Now i am bending up a 20 gage sheet metal box and top to mount all the electronics stuff. I am housing a 3 way swith to go from pc to manual spindle control like hoss, the mc-60 controller, the motor choke the c-10 board, the c-23 board, the c-6 board, stock e-stop a forwar and reverse 3 way switch, and 4.7 POT. 
I already have the column and spindle a part for changing the bearings to the needed ones.

got the column brace material. I have 2 options:
1. a 4x4x1/4 square tube that goes all the way up the column. I no longer have the control box on the back so i can brace all the way up. 

2. I have a section of 5x1/2 c-channel that will go all the way up the back. 

which would be the better choice? 

I also figured out the belt drive base late that i will use to mount the 2 hp motor without interfering with the z axis ballscrew and mount. I will use the belt drive base plate to also adjust the x axis tram tool devised by john sheperd( http://www.homemodelenginemachinist.com/index.php?topic=6007.0 post#11). I am also putting tramming adjusters on the side of the spindle carriage as found on cnccookbook( http://www.cnccookbook.com/CCMillTramAdj.html http://www.cnczone.com/forums/showpost.php?p=745618&postcount=324. )

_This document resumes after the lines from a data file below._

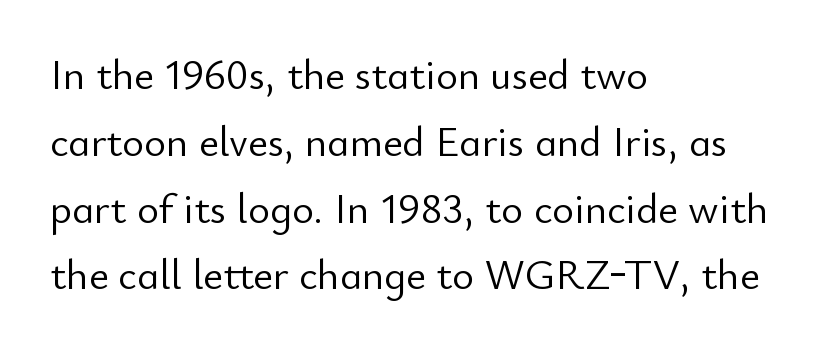
Q: Is the text bold? A: No.
Q: Is the text italic (slanted)? A: No, it is upright.
Q: Is the typeface a serif or a sans-serif typeface? A: Sans-serif.
Q: Is the text underlined? A: No.
Q: How is the paragraph aligned? A: Left-aligned.
Q: Is the spacing between letters normal or unusually wide? A: Normal.
Q: Is the spacing between lines tight, normal or loose? A: Normal.
Q: Width (condensed, normal, or wide)? A: Normal.
Q: Stroke contrast? A: Low.
Q: x-height? A: Small.
Q: Monospaced? A: No.
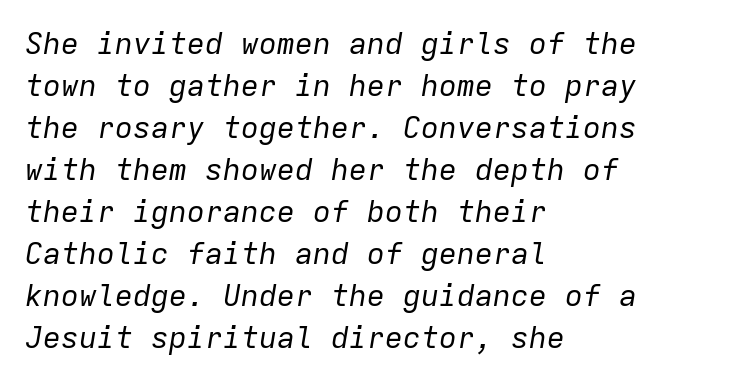
{"italic": "yes", "lean": "right", "slant_degrees": 9, "bold": "no", "weight": "regular", "width": "normal", "stroke_contrast": "low", "x_height": "medium", "monospaced": "yes", "underline": "no", "align": "left", "line_spacing": "normal", "line_spacing_ratio": 1.4, "letter_spacing": "normal", "letter_spacing_em": 0.0, "glyph_px": 30}
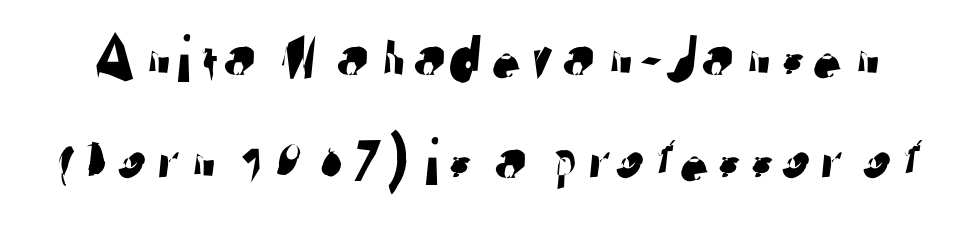
Q: Is the typeface a serif or a sans-serif typeface? A: Sans-serif.
Q: Is the text underlined? A: No.
Q: Is the spacing between letters normal or unusually wide? A: Normal.
Q: Is the spacing between lines tight, normal or loose? A: Normal.
Q: Width (condensed, normal, or wide)? A: Normal.
Q: Stroke contrast? A: Low.
Q: x-height? A: Medium.
Q: Monospaced? A: No.

So this is what i am working on now.


----------



## Bill S (Sep 27, 2010)

I used rectangular tubing for a revamp of my X2 and it worked out very well. See http://www.homemodelenginemachinist.com/index.php?topic=8481.0   The square tubing you are thinking of should be more rigid than the channel. 

Bill


----------



## krymis (Dec 10, 2010)

well i got all the bracing and tramming tools set up on the colum...










i also got a plate of glass to help tram the mill better. I also am using a starret indicator set to measure it better than the clamp style holder i was using.


----------



## TroyO (Dec 10, 2010)

I just finished a similar bracing project and the difference is HUGE. You will love the results.

As to tramming... I've had good luck using a brake rotor. (Nice, round, flat.) It gives a good indexing surface.

What is hydraulic cement anyway? I assume it's not something you just pick up a bag of at Home Depot?


----------



## krymis (Dec 13, 2010)

i decided to go with the west system epoxy fill instead of the hydraulic cement option. It will just help brace the interior of the column so that there is less flex. look it up on cnczone or on cnccookbook. i think bob warfeild may have even posted it here.


----------